Spring break over: UT coach Butch Jones wants to see more from his Vols

photo Tennessee linebacker Curt Maggitt listens to amplified music while warming up during the NCAA college football team's first spring practice of the season, Friday, March 7, 2014.

KNOXVILLE - With a week off from school and football during Tennessee's spring break last week, Jason Croom joined fellow receiver Josh Smith and his family for a trip to Florida that included his first deep-sea fishing venture.

The trek was fruitful, and Croom said after the Volunteers returned to practice Tuesday that the biggest fish he landed was an amberjack, and he has the picture to prove it.

There was just one problem, though.

"I don't eat fish," Croom said. "I'm allergic."

The fun in the sun and family time are now over for the Vols, who have a three-week run of practices leading up to the Orange and White Game in Neyland Stadium on April 12, and second-year coach Butch Jones was clear in wanting more from his young team than it showed in the five pre-break practices.

Jones said following Tuesday's indoor practice that he was "not pleased" in the team's deficiencies at his desired style of play in the initial spring practices and noted that Monday's team meeting was "very long" as the Vols went over their first scrimmage and set the tone for the rest of spring.

"That's going to happen with a young football team," he said. "Everyone has to understand, I mean, you're replacing your interiors, both in the offensive line and defensive line. You're basically brand new at wide receiver, a couple of new running backs. We don't know who our quarterback's going to be right now. Some new faces in the back end.

"We're a new football team. It's our style of play. It's our daily approach. It's our mentality. It's our toughness. We're not going to win games on talent alone. We're not there yet. We're not just going to show up and win football games. We're going to win on our style of play, and our players understand that, but we have to live it every day."

Jones called Tuesday's session the "most physical" of spring, and defensive end Jordan Williams backed up those words.

"He was hard on us, especially after the last scrimmage," the senior said. "I feel like the biggest thing we needed to work on was our effort and our outward focus. I feel like today, that's what I was focused on the most, and I feel like we definitely improved on that."

Like many of his teammates, Williams returned to his hometown -- Gainesville, Fla., in his case -- to spend some time with family while also mixing in some workouts to maintain their conditioning, knowing to what they were returning.

Croom, Williams and linebacker/defensive end Curt Maggitt all said they welcomed the week off from practices.

"I think it's good," Maggitt said. "You get to go hard for five or six practices; then you get to give your body a break. Then you get to come back and go hard again, so it's not so much banging on your body. You can relax mentally and physically a little bit but still stay in it."

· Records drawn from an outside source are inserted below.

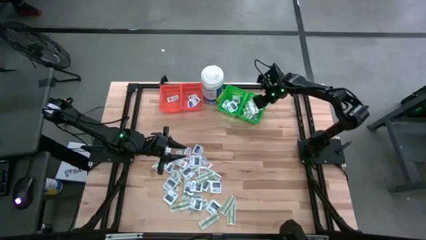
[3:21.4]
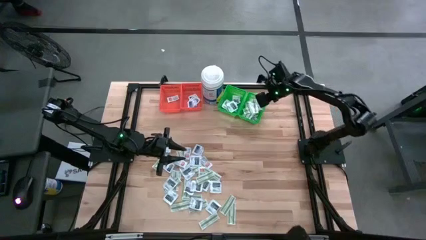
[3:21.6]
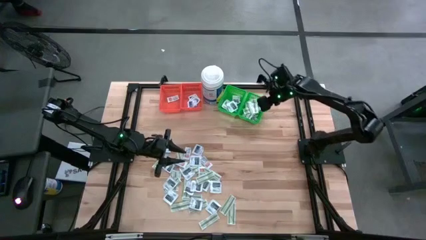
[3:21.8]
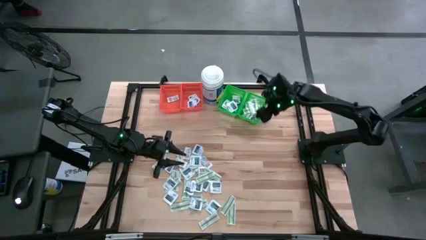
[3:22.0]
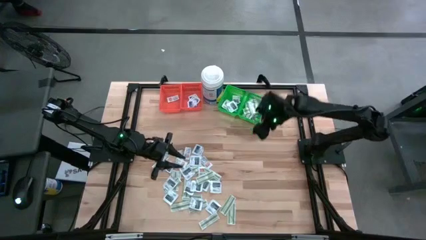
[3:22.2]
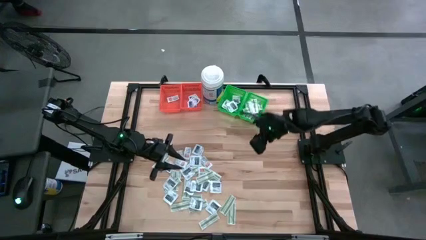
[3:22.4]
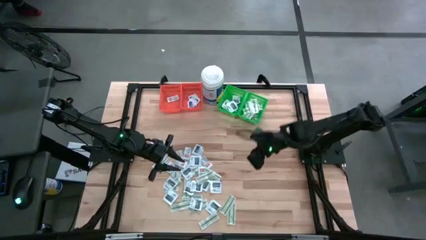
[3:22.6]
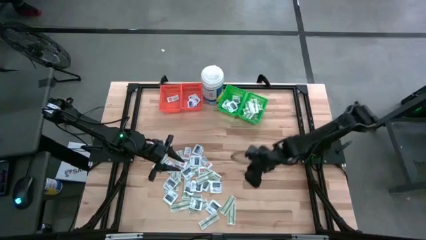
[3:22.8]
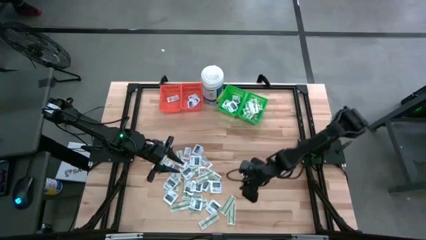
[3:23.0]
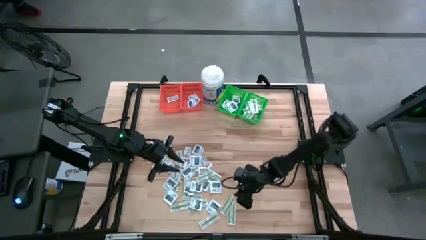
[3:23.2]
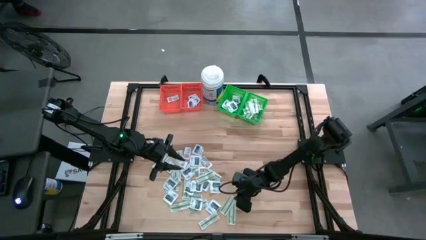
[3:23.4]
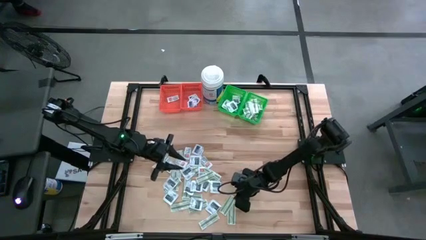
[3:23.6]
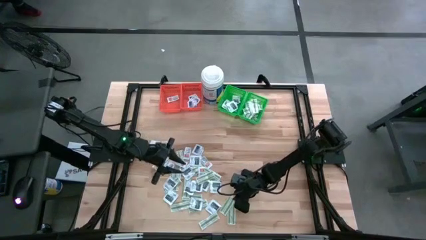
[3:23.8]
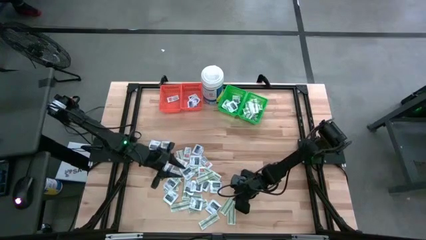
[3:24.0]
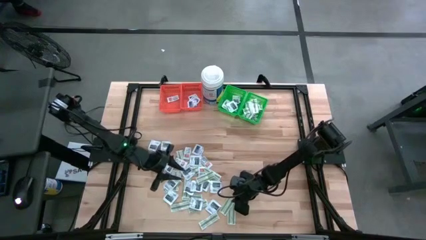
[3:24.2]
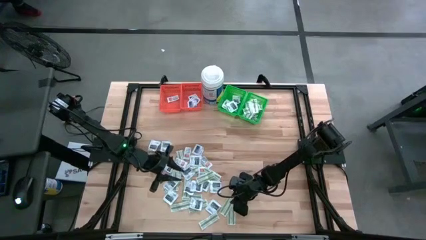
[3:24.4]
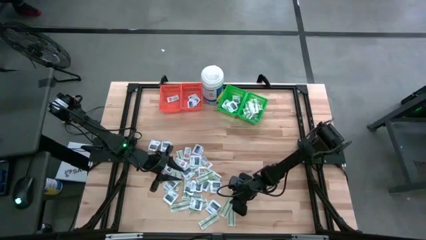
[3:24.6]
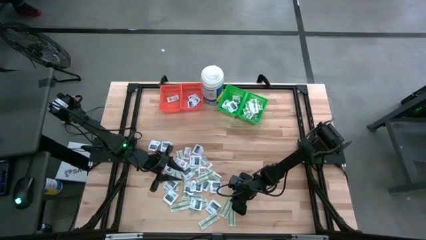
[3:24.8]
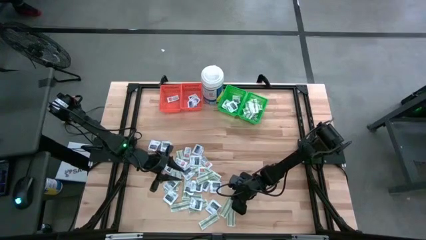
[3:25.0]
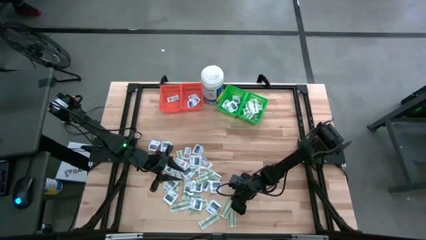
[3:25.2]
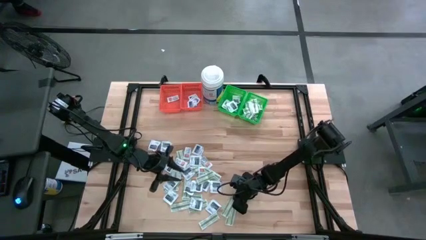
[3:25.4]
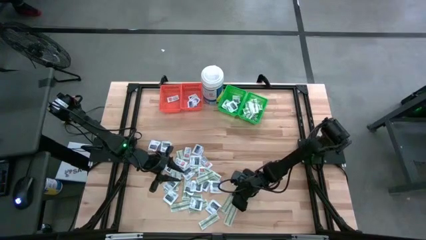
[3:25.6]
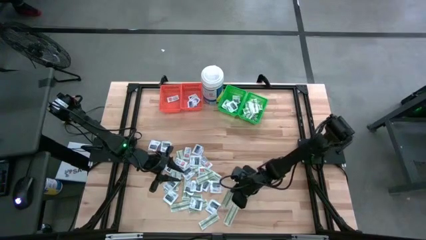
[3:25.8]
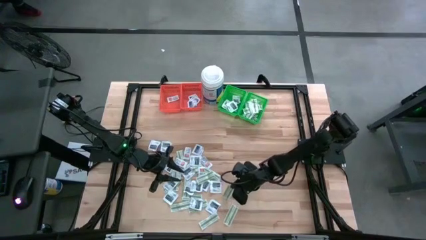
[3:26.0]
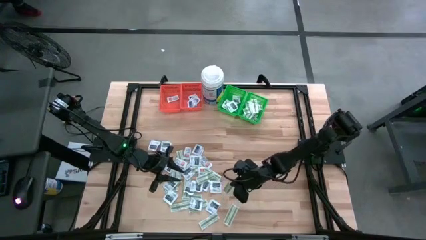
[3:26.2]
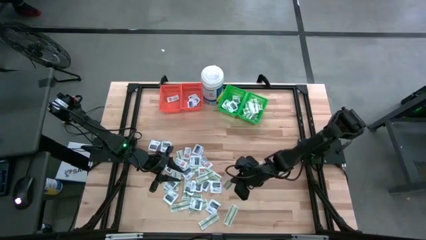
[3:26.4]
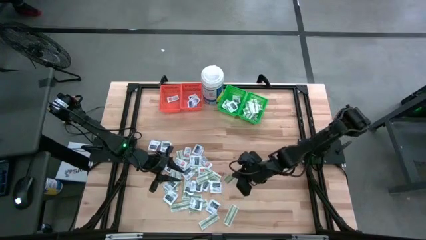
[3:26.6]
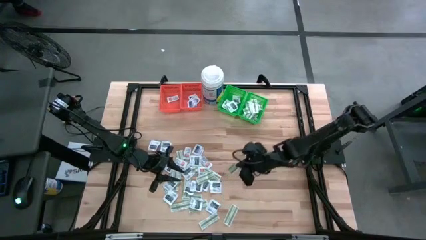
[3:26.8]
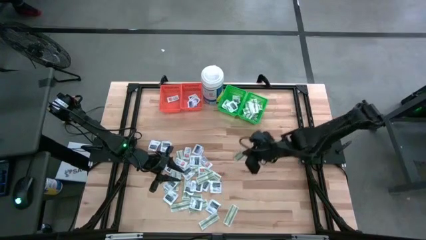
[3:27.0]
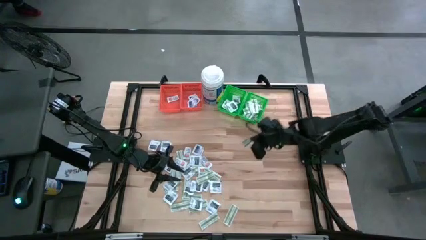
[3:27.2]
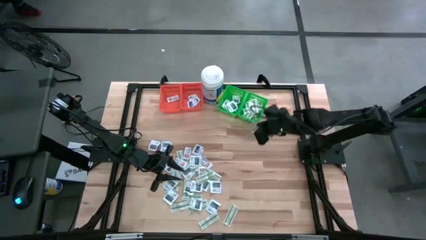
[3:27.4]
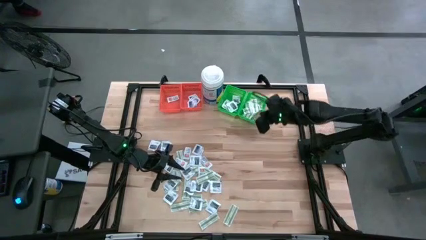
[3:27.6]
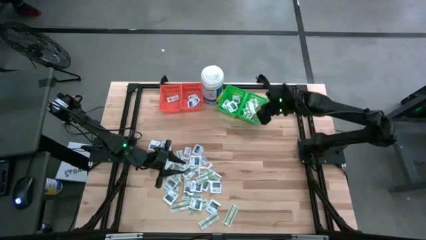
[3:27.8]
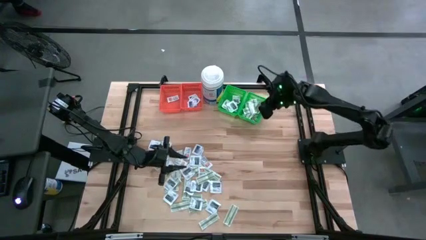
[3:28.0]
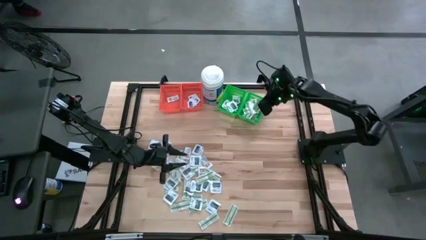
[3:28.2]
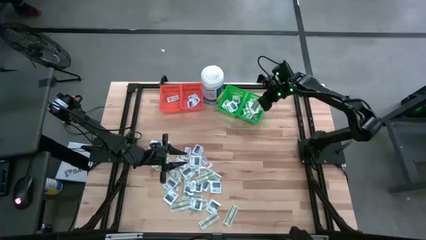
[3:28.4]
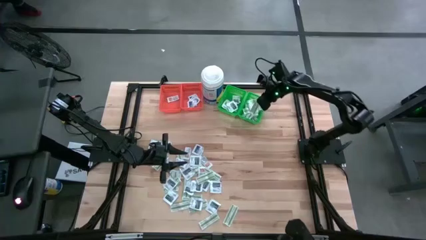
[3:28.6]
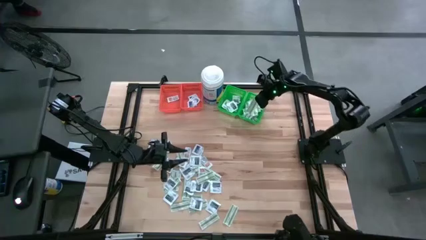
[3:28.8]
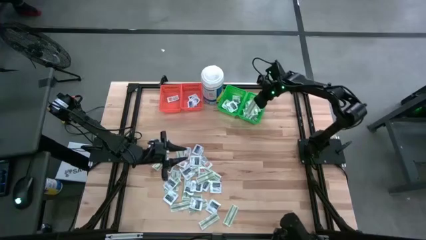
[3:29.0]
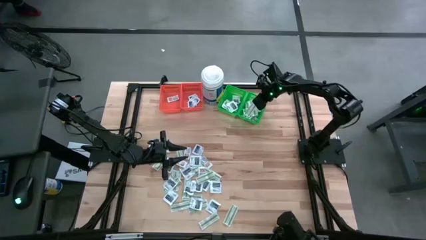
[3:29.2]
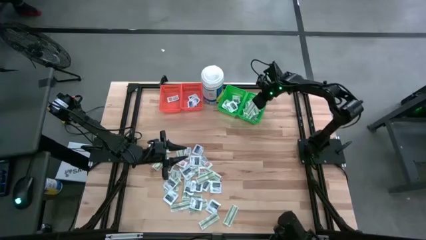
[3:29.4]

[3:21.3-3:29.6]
Task: Pick & Place First Aid Supplies
Put the green bandage pack into the right green bin

Maggitt took Vols' All-SEC linebacker A.J. Johnson with him to West Palm Beach in Florida, where they mixed home-cooked meals by Maggitt's father with time on the beach and workouts at Dwyer High School, Maggitt's alma mater.

"It's just being mature as a football player and knowing the expectation and knowing what you're getting back into when you get back to school," Maggitt said. "We know we can go to the beach and hang out a little bit, but we know at the end of the day we have to be back up here ready to go as leaders of the team."

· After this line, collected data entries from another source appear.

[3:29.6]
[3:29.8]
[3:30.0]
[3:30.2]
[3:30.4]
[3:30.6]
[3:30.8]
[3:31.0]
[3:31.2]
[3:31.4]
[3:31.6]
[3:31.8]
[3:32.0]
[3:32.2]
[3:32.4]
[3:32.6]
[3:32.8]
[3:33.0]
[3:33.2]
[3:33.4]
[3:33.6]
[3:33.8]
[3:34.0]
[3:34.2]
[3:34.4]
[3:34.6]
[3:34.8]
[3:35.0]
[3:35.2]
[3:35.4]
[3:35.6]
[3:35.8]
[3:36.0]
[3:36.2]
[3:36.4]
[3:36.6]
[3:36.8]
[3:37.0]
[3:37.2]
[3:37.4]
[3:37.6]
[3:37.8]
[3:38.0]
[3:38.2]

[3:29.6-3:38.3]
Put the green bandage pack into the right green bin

Jones himself got away for a little while by spending some time with his wife, Barb, and three sons in Florida. The Joneses went to Universal Studios and watched some of the NCAA basketball tournament. After returning to Knoxville later in the week, Jones was in Raleigh, N.C., on Sunday night to watch the hoop Vols beat Mercer to clinch a Sweet 16 trip.

On Monday, though, it was back to business, including a hefty review of "the good, the bad and the indifferent" of the pre-break scrimmage.

"Everyone was back on time on Sunday," Jones said. "That was great to see. I liked our approach on Monday, but Tuesday, we had to get back into the rhythm, and the big I wanted to see was retention. How did we retain the information we had in the first five? I thought for the most part, our players did a very good job of the retention.

"Now, again, it's the small details that it takes and being in football shape."

And the demands of the coaching staff only will increase as the Vols settle back into a practice groove.

"I'd like to stay in the whole time, but it is good to get your mind off it a little bit," Williams said. "It's a lot of stuff flying around and a lot of stuff on your mind and why kids get stressed. I feel like it's definitely good for the newcomers to have that week off, but we definitely can't let that affect us going into these next seven practices.

"We've just got to build on each practice."